* **What is required**
Each record below should be repeated precisely as written.

* **Information given**
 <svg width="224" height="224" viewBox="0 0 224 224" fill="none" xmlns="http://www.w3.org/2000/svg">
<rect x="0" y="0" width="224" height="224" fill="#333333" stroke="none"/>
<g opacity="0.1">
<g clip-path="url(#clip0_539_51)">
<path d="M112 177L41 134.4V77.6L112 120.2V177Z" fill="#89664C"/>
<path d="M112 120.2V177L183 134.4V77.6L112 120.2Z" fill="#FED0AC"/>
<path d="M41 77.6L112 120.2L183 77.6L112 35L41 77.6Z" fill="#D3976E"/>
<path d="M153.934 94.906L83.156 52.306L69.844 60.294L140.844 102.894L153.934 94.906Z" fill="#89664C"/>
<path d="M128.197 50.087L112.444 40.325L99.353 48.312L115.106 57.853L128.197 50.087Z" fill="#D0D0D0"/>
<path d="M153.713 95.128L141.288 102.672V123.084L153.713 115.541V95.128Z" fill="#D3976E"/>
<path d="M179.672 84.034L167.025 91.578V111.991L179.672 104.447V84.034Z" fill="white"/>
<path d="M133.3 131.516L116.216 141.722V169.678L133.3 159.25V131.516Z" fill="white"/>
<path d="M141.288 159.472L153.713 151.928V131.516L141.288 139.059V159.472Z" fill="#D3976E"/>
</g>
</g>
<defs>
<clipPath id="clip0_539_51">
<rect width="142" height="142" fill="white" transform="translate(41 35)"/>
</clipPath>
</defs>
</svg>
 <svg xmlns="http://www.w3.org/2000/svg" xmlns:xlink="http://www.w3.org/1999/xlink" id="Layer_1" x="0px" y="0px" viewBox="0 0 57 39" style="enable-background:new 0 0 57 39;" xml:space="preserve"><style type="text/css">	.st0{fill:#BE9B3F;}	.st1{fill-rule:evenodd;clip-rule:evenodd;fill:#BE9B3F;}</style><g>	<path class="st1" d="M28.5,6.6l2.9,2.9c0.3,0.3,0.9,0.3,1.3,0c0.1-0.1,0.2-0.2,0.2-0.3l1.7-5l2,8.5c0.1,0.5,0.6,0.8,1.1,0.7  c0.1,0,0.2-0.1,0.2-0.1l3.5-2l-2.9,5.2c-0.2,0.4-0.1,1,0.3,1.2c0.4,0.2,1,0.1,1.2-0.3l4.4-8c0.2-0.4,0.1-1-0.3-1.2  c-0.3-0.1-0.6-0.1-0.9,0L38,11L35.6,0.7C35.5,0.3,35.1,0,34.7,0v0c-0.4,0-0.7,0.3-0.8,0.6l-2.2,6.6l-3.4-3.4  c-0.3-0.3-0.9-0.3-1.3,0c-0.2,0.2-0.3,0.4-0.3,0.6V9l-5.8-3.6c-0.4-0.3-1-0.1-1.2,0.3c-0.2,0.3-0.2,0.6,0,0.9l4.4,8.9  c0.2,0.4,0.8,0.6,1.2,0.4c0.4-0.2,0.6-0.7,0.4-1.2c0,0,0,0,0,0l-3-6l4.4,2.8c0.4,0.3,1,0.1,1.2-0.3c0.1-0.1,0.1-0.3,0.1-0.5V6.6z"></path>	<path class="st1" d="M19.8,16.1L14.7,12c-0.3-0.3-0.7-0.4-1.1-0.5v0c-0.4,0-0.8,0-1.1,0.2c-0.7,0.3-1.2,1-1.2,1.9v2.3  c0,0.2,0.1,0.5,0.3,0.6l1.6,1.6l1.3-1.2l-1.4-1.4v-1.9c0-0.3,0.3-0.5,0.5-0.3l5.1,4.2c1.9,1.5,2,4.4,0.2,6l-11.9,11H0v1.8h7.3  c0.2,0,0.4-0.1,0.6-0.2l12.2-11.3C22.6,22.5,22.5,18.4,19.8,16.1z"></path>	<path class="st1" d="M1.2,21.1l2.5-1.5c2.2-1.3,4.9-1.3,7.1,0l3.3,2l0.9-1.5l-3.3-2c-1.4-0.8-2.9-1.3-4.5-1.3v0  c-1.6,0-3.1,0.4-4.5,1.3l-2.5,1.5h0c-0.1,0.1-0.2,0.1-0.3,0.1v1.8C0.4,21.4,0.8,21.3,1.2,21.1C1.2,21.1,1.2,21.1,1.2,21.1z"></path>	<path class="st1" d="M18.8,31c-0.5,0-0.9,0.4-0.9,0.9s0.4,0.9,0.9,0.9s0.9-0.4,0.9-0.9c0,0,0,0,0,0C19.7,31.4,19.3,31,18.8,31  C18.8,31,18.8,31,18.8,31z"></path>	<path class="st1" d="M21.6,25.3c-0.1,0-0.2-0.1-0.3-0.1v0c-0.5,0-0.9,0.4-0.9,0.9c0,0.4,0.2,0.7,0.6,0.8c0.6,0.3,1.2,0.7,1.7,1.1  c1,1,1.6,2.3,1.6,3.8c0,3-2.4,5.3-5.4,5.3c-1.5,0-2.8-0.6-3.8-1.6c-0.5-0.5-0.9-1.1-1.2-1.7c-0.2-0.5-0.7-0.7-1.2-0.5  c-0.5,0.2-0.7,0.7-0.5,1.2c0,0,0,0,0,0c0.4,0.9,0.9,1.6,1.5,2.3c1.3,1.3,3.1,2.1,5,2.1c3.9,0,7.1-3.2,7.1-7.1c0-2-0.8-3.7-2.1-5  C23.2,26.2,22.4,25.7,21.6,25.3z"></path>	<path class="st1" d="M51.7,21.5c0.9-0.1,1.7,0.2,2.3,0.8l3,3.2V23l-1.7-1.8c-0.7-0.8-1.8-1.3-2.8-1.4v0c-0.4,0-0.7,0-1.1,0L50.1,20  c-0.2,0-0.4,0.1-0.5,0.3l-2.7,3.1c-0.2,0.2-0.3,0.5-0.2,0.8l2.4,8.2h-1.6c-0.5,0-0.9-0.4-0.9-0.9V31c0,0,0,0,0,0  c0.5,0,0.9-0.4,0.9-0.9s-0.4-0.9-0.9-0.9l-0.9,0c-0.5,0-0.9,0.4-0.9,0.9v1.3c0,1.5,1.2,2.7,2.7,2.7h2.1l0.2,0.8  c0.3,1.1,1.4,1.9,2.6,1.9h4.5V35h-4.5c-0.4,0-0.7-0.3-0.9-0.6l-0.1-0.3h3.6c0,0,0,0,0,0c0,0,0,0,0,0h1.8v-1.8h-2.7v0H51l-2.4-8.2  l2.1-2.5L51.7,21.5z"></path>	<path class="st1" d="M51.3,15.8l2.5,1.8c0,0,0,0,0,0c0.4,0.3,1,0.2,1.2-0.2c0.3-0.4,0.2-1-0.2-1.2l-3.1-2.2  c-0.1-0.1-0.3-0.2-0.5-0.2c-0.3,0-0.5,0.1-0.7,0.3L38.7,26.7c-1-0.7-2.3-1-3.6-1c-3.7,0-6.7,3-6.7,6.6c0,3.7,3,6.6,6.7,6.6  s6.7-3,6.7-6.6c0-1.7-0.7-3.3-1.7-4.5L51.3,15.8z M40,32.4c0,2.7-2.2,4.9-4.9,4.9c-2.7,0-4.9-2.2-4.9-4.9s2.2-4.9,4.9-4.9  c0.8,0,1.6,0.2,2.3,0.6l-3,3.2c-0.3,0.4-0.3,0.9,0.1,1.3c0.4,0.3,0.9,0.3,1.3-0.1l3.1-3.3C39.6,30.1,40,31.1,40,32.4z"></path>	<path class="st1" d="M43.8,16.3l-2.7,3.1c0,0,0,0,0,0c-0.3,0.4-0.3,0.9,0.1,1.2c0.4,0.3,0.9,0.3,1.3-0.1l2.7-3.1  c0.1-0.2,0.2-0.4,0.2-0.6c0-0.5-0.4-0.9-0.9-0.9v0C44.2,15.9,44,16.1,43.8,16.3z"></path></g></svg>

* **Answer for the task**
 <svg width="224" height="224" viewBox="0 0 224 224" fill="none" xmlns="http://www.w3.org/2000/svg">
<rect x="0" y="0" width="224" height="224" fill="#333333" stroke="none"/>
<g opacity="0.1">
<g clip-path="url(#clip0_539_51)">
<path d="M112 177L41 134.4V77.6L112 120.2V177Z" fill="#89664C"/>
<path d="M112 120.2V177L183 134.4V77.6L112 120.2Z" fill="#FED0AC"/>
<path d="M41 77.6L112 120.2L183 77.6L112 35L41 77.6Z" fill="#D3976E"/>
<path d="M153.934 94.906L83.156 52.306L69.844 60.294L140.844 102.894L153.934 94.906Z" fill="#89664C"/>
<path d="M128.197 50.087L112.444 40.325L99.353 48.312L115.106 57.853L128.197 50.087Z" fill="#D0D0D0"/>
<path d="M153.713 95.128L141.288 102.672V123.084L153.713 115.541V95.128Z" fill="#D3976E"/>
<path d="M179.672 84.034L167.025 91.578V111.991L179.672 104.447V84.034Z" fill="white"/>
<path d="M133.3 131.516L116.216 141.722V169.678L133.3 159.25V131.516Z" fill="white"/>
<path d="M141.288 159.472L153.713 151.928V131.516L141.288 139.059V159.472Z" fill="#D3976E"/>
</g>
</g>
<defs>
<clipPath id="clip0_539_51">
<rect width="142" height="142" fill="white" transform="translate(41 35)"/>
</clipPath>
</defs>
</svg>
 <svg xmlns="http://www.w3.org/2000/svg" xmlns:xlink="http://www.w3.org/1999/xlink" id="Layer_1" x="0px" y="0px" viewBox="0 0 57 39" style="enable-background:new 0 0 57 39;" xml:space="preserve"><style type="text/css">	.st0{fill:#BE9B3F;}	.st1{fill-rule:evenodd;clip-rule:evenodd;fill:#BE9B3F;}</style><g>	<path class="st1" d="M28.5,6.6l2.9,2.9c0.3,0.3,0.9,0.3,1.3,0c0.1-0.1,0.2-0.2,0.2-0.3l1.7-5l2,8.5c0.1,0.5,0.6,0.8,1.1,0.7  c0.1,0,0.2-0.1,0.2-0.1l3.5-2l-2.9,5.2c-0.2,0.4-0.1,1,0.3,1.2c0.4,0.2,1,0.1,1.2-0.3l4.4-8c0.2-0.4,0.1-1-0.3-1.2  c-0.3-0.1-0.6-0.1-0.9,0L38,11L35.6,0.7C35.5,0.3,35.1,0,34.7,0v0c-0.4,0-0.7,0.3-0.8,0.6l-2.2,6.6l-3.4-3.4  c-0.3-0.3-0.9-0.3-1.3,0c-0.2,0.2-0.3,0.4-0.3,0.6V9l-5.8-3.6c-0.4-0.3-1-0.1-1.2,0.3c-0.2,0.3-0.2,0.6,0,0.9l4.4,8.9  c0.2,0.4,0.8,0.6,1.2,0.4c0.4-0.2,0.6-0.7,0.4-1.2c0,0,0,0,0,0l-3-6l4.4,2.8c0.4,0.3,1,0.1,1.2-0.3c0.1-0.1,0.1-0.3,0.1-0.5V6.6z"></path>	<path class="st1" d="M19.8,16.1L14.7,12c-0.3-0.3-0.7-0.4-1.1-0.5v0c-0.4,0-0.8,0-1.1,0.2c-0.7,0.3-1.2,1-1.2,1.9v2.3  c0,0.2,0.1,0.5,0.3,0.6l1.6,1.6l1.3-1.2l-1.4-1.4v-1.9c0-0.3,0.3-0.5,0.5-0.3l5.1,4.2c1.9,1.5,2,4.4,0.2,6l-11.9,11H0v1.8h7.3  c0.2,0,0.4-0.1,0.6-0.2l12.2-11.3C22.6,22.5,22.5,18.4,19.8,16.1z"></path>	<path class="st1" d="M1.2,21.1l2.5-1.5c2.2-1.3,4.9-1.3,7.1,0l3.3,2l0.9-1.5l-3.3-2c-1.4-0.8-2.9-1.3-4.5-1.3v0  c-1.6,0-3.1,0.4-4.5,1.3l-2.5,1.5h0c-0.1,0.1-0.2,0.1-0.3,0.1v1.8C0.4,21.4,0.8,21.3,1.2,21.1C1.2,21.1,1.2,21.1,1.2,21.1z"></path>	<path class="st1" d="M18.8,31c-0.5,0-0.9,0.4-0.9,0.9s0.4,0.9,0.9,0.9s0.9-0.4,0.9-0.9c0,0,0,0,0,0C19.7,31.4,19.3,31,18.8,31  C18.8,31,18.8,31,18.8,31z"></path>	<path class="st1" d="M21.6,25.3c-0.1,0-0.2-0.1-0.3-0.1v0c-0.5,0-0.9,0.4-0.9,0.9c0,0.4,0.2,0.7,0.6,0.8c0.6,0.3,1.2,0.7,1.7,1.1  c1,1,1.6,2.3,1.6,3.8c0,3-2.4,5.3-5.4,5.3c-1.5,0-2.8-0.6-3.8-1.6c-0.5-0.5-0.9-1.1-1.2-1.7c-0.2-0.5-0.7-0.7-1.2-0.5  c-0.5,0.2-0.7,0.7-0.5,1.2c0,0,0,0,0,0c0.4,0.9,0.9,1.6,1.5,2.3c1.3,1.3,3.1,2.1,5,2.1c3.9,0,7.1-3.2,7.1-7.1c0-2-0.8-3.7-2.1-5  C23.2,26.2,22.4,25.7,21.6,25.3z"></path>	<path class="st1" d="M51.7,21.5c0.9-0.1,1.7,0.2,2.3,0.8l3,3.2V23l-1.7-1.8c-0.7-0.8-1.8-1.3-2.8-1.4v0c-0.4,0-0.7,0-1.1,0L50.1,20  c-0.2,0-0.4,0.1-0.5,0.3l-2.7,3.1c-0.2,0.2-0.3,0.5-0.2,0.8l2.4,8.2h-1.6c-0.5,0-0.9-0.4-0.9-0.9V31c0,0,0,0,0,0  c0.5,0,0.9-0.4,0.9-0.9s-0.4-0.9-0.9-0.9l-0.9,0c-0.5,0-0.9,0.4-0.9,0.9v1.3c0,1.5,1.2,2.7,2.7,2.7h2.1l0.2,0.8  c0.3,1.1,1.4,1.9,2.6,1.9h4.5V35h-4.5c-0.4,0-0.7-0.3-0.9-0.6l-0.1-0.3h3.6c0,0,0,0,0,0c0,0,0,0,0,0h1.8v-1.8h-2.7v0H51l-2.4-8.2  l2.1-2.5L51.7,21.5z"></path>	<path class="st1" d="M51.3,15.8l2.5,1.8c0,0,0,0,0,0c0.4,0.3,1,0.2,1.2-0.2c0.3-0.4,0.2-1-0.2-1.2l-3.1-2.2  c-0.1-0.1-0.3-0.2-0.5-0.2c-0.3,0-0.5,0.1-0.7,0.3L38.7,26.7c-1-0.7-2.3-1-3.6-1c-3.7,0-6.7,3-6.7,6.6c0,3.7,3,6.6,6.7,6.6  s6.7-3,6.7-6.6c0-1.7-0.7-3.3-1.7-4.5L51.3,15.8z M40,32.4c0,2.7-2.2,4.9-4.9,4.9c-2.7,0-4.9-2.2-4.9-4.9s2.2-4.9,4.9-4.9  c0.8,0,1.6,0.2,2.3,0.6l-3,3.2c-0.3,0.4-0.3,0.9,0.1,1.3c0.4,0.3,0.9,0.3,1.3-0.1l3.1-3.3C39.6,30.1,40,31.1,40,32.4z"></path>	<path class="st1" d="M43.8,16.3l-2.7,3.1c0,0,0,0,0,0c-0.3,0.4-0.3,0.9,0.1,1.2c0.4,0.3,0.9,0.3,1.3-0.1l2.7-3.1  c0.1-0.2,0.2-0.4,0.2-0.6c0-0.5-0.4-0.9-0.9-0.9v0C44.2,15.9,44,16.1,43.8,16.3z"></path></g></svg>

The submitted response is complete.